Product Introduction
- Definition: Spoke is a native macOS utility application specializing in on-device speech-to-text transcription. It functions as a system-level input method, converting spoken audio into text directly within any active text field using local AI models.
- Core Value Proposition: Spoke eliminates friction in text input by enabling hands-free, instantaneous dictation with uncompromising privacy. Its primary value lies in offline voice transcription and optional AI-powered text processing, allowing users to dictate efficiently without data leaving their device.
Main Features
- Push-to-Talk Dictation:
- How it works: Users press and hold a configurable keyboard shortcut (e.g., Globe
fnkey, Right⌘). Spoke activates the microphone instantly via macOS Core Audio, processes speech locally using its CoreML-optimized neural network (600M parameters), and inserts the transcribed text upon key release. Zero app switching is required.
- How it works: Users press and hold a configurable keyboard shortcut (e.g., Globe
- AI Skills Integration:
- How it works: Post-transcription, users can route text through customizable AI prompts via connected providers (OpenAI, Anthropic, Google Gemini, Ollama). Skills execute tasks like real-time translation, grammar correction, or code prompt formatting before insertion. Users supply their own API keys; Spoke acts as a direct conduit, never storing or proxying data.
- Privacy-First Architecture:
- How it works: All audio processing occurs locally via Apple's CoreML framework. The open-source speech model (trained for 25 European languages) runs entirely on-device. Microphone audio is discarded immediately after transcription. AI Skills only send transcribed text (never audio) externally if activated. No accounts or internet are needed for core dictation.
Problems Solved
- Pain Point: Slow or disruptive text input workflows, especially for users who think faster than they type or work in dynamic environments (e.g., coding, note-taking). Traditional dictation often requires cloud services, compromising speed and data privacy.
- Target Audience:
- Developers & Technical Writers: Dictate code comments, documentation, or CLI prompts rapidly. Use AI Skills to format code snippets.
- Multilingual Professionals: Translate dictations in real-time during communications or writing.
- Accessibility Users & Power Users: Reduce typing strain and boost productivity with seamless voice input.

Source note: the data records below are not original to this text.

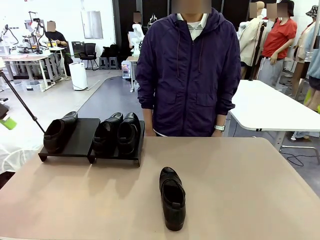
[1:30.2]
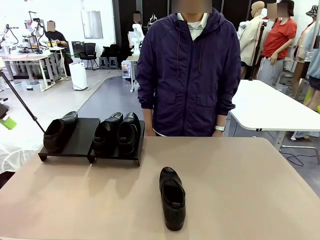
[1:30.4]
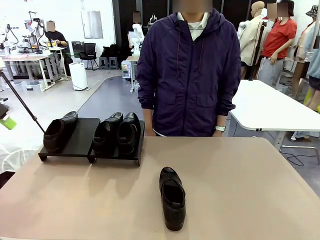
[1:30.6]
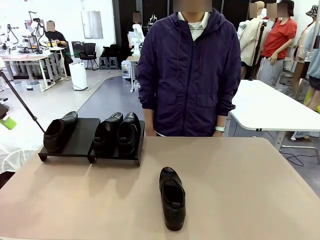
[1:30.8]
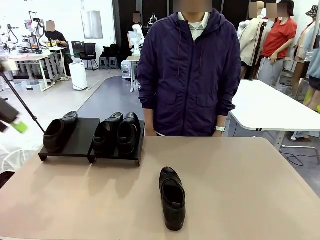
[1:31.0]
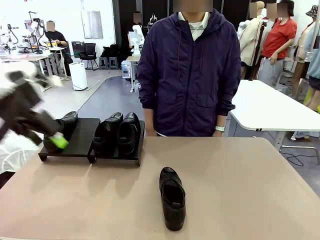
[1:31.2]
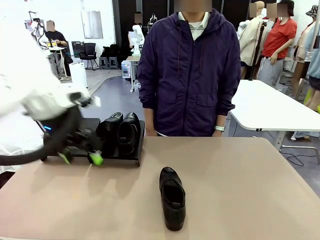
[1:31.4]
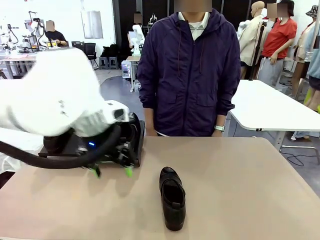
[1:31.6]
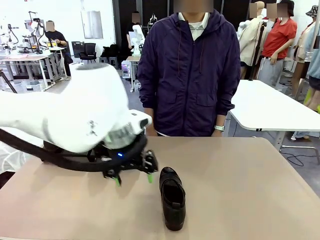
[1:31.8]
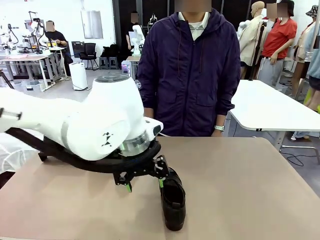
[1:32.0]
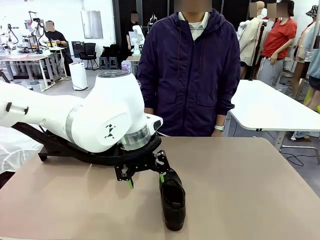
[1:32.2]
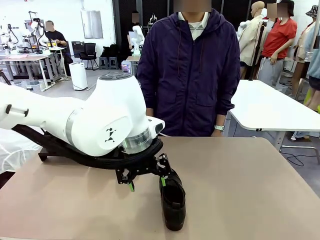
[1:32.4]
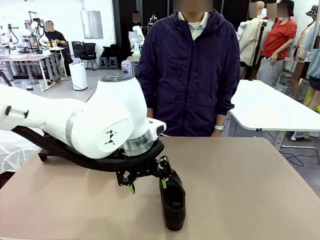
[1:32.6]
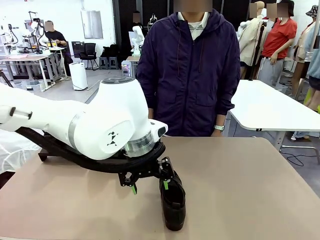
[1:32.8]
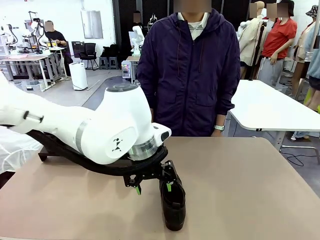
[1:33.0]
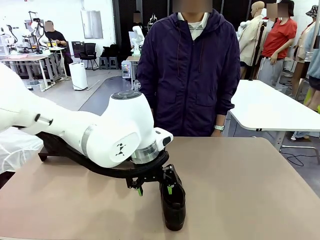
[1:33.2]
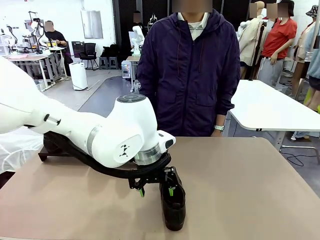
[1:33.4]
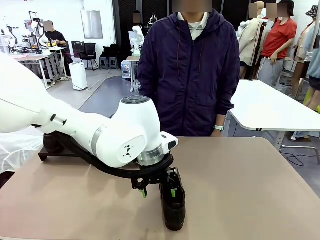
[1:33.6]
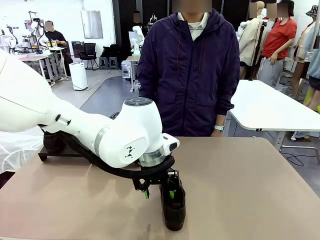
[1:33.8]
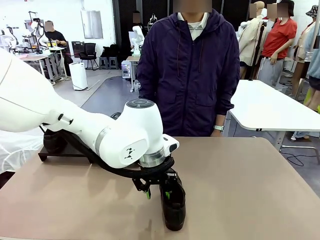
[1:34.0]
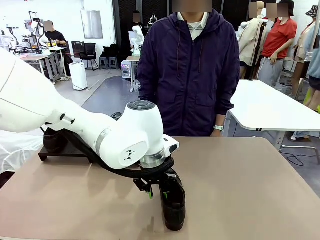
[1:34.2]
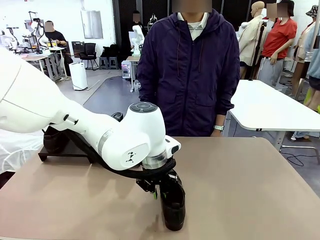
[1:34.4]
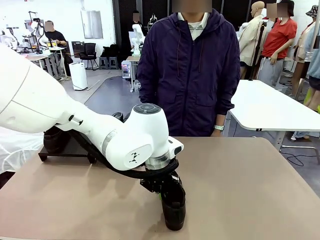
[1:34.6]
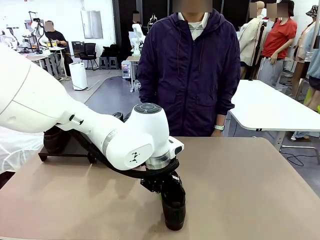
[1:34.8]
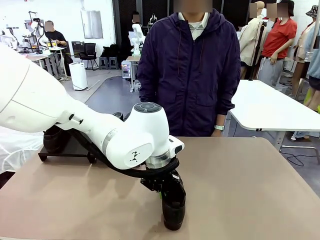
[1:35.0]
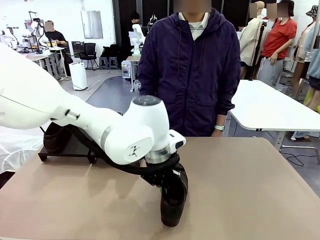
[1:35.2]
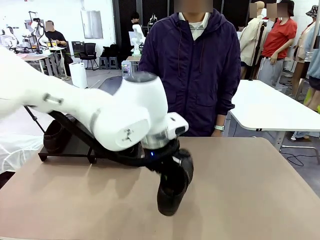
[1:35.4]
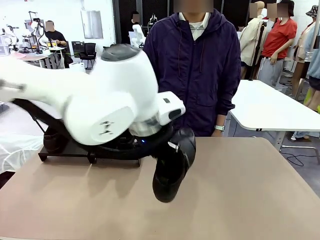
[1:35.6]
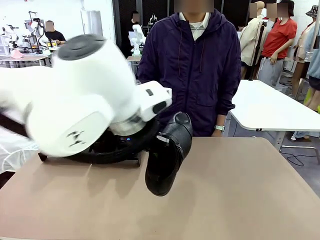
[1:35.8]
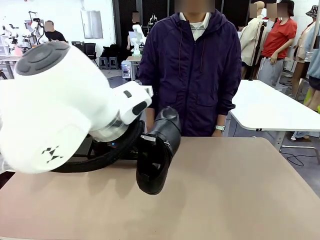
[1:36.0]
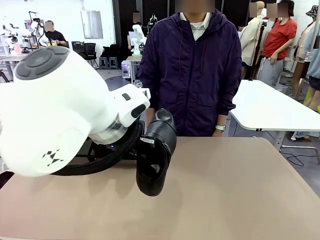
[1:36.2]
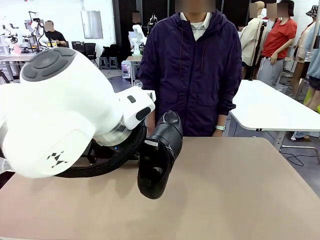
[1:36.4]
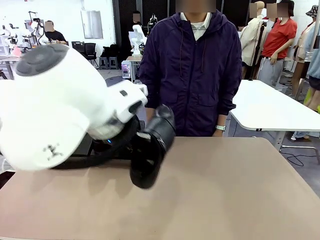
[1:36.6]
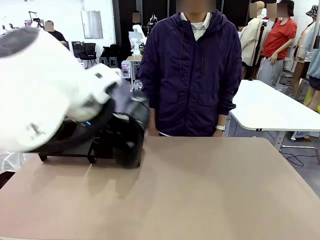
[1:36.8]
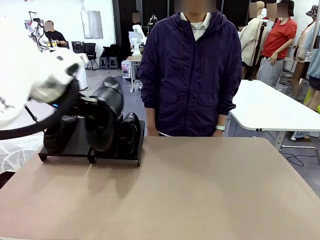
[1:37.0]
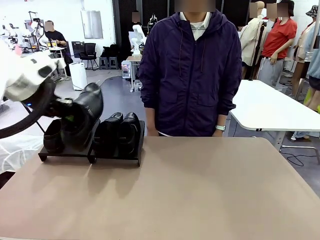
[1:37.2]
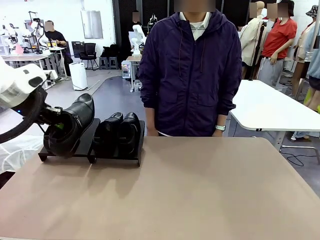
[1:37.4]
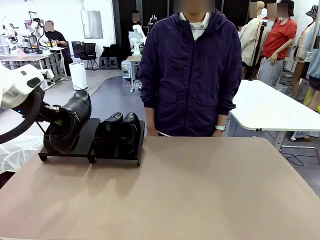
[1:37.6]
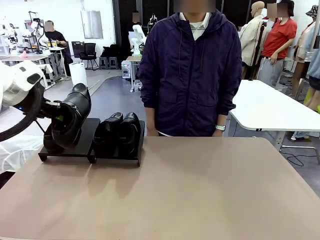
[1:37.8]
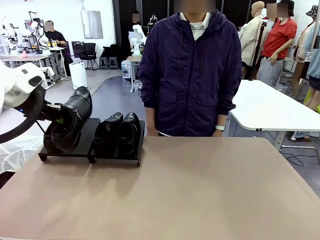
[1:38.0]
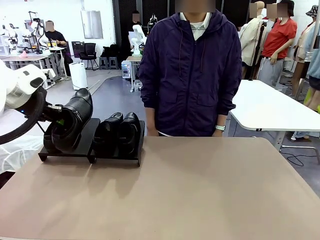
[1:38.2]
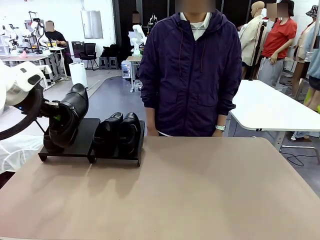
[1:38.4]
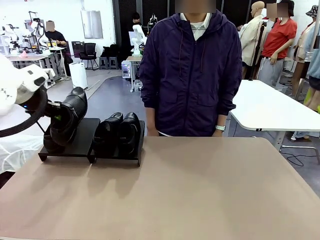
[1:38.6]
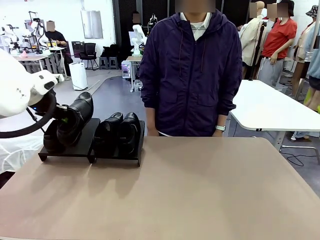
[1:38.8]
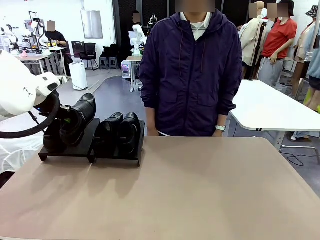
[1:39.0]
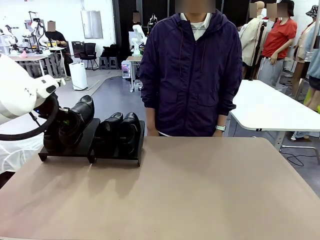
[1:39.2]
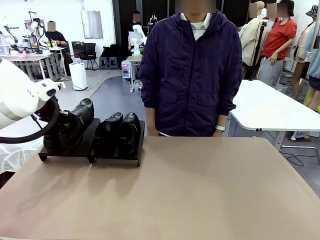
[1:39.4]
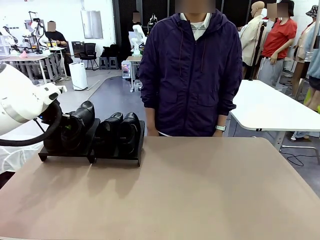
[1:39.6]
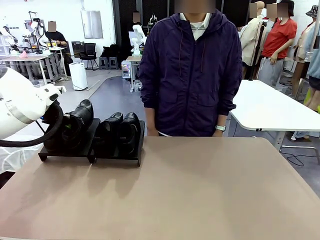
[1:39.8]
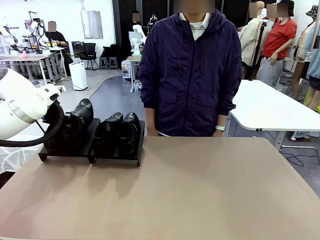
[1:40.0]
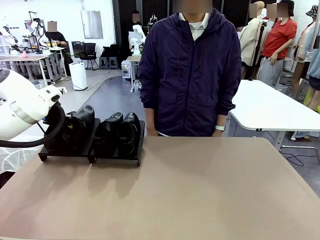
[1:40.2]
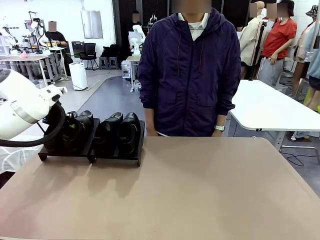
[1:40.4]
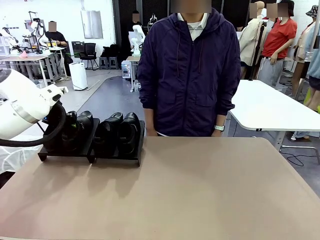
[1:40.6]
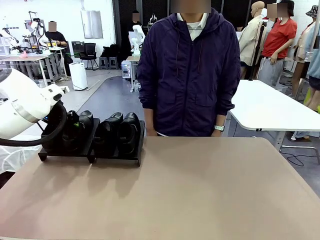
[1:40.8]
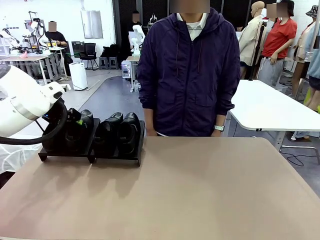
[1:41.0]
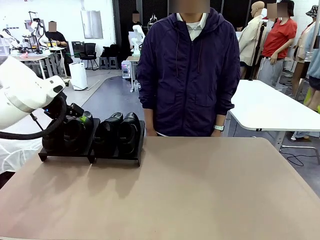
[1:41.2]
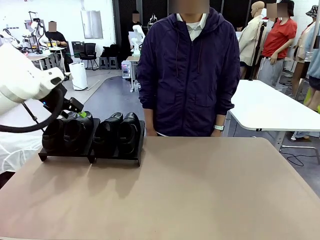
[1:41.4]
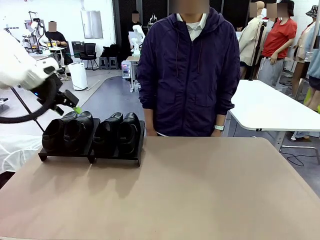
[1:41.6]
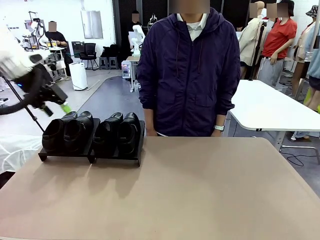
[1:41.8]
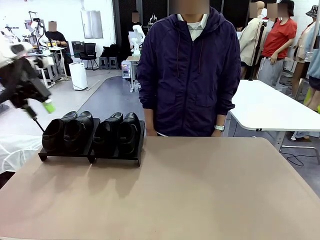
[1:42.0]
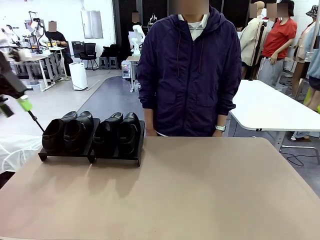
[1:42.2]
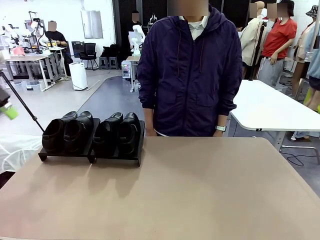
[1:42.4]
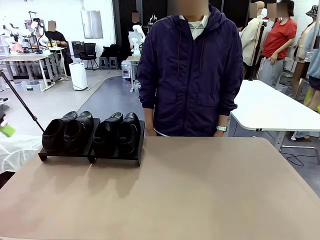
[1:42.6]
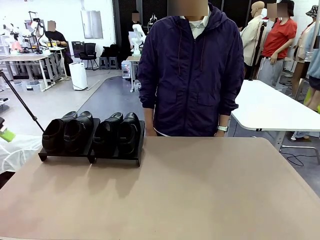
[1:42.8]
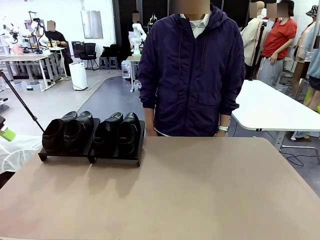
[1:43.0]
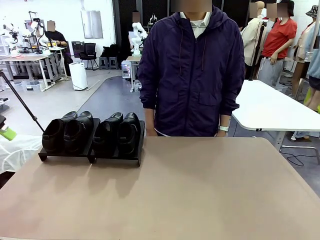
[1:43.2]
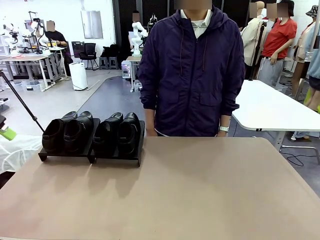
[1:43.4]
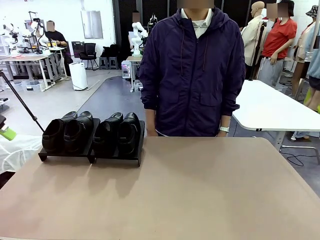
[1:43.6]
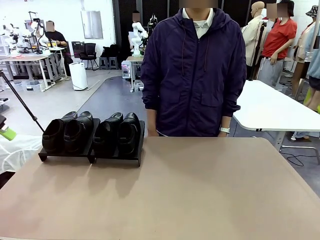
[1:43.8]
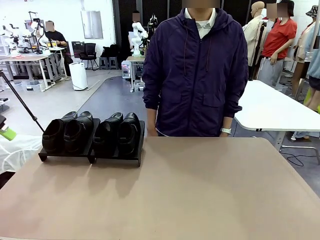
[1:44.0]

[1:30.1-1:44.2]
Task: Organize the shoes by placing them on the stand.
Robot: Place the Shoe from the middle of the table onto the Shoes Stand.

- Privacy-Conscious Individuals: Professionals handling sensitive information requiring offline, zero-data-retention transcription.
- Use Cases:
- Dictating emails/docs in airplane mode or restricted networks.
- Generating technically precise prompts for AI coding assistants (e.g., Claude) via voice.
- Real-time transcription of meetings/ideas directly into project management tools.
- Correcting grammar/punctuation in drafts without switching contexts.
Unique Advantages
- Differentiation:
- vs. Subscription Apps (e.g., Dragon): Spoke offers perpetual licensing ($9.99 one-time) vs. recurring fees ($60-$180/year). It runs fully offline, whereas competitors typically require cloud processing.
- vs. Built-in macOS Dictation: Spoke uses a superior on-device model (6.34% WER vs. ~7.4% for Whisper Large V3), supports custom AI post-processing, and offers configurable push-to-talk without menu activation delays.
- Key Innovation:
- Local CoreML Optimization: Implements a state-of-the-art open-source speech model (600M params) with best-in-class latency (~400ms for 60s audio on Apple Silicon) and accuracy, entirely offline.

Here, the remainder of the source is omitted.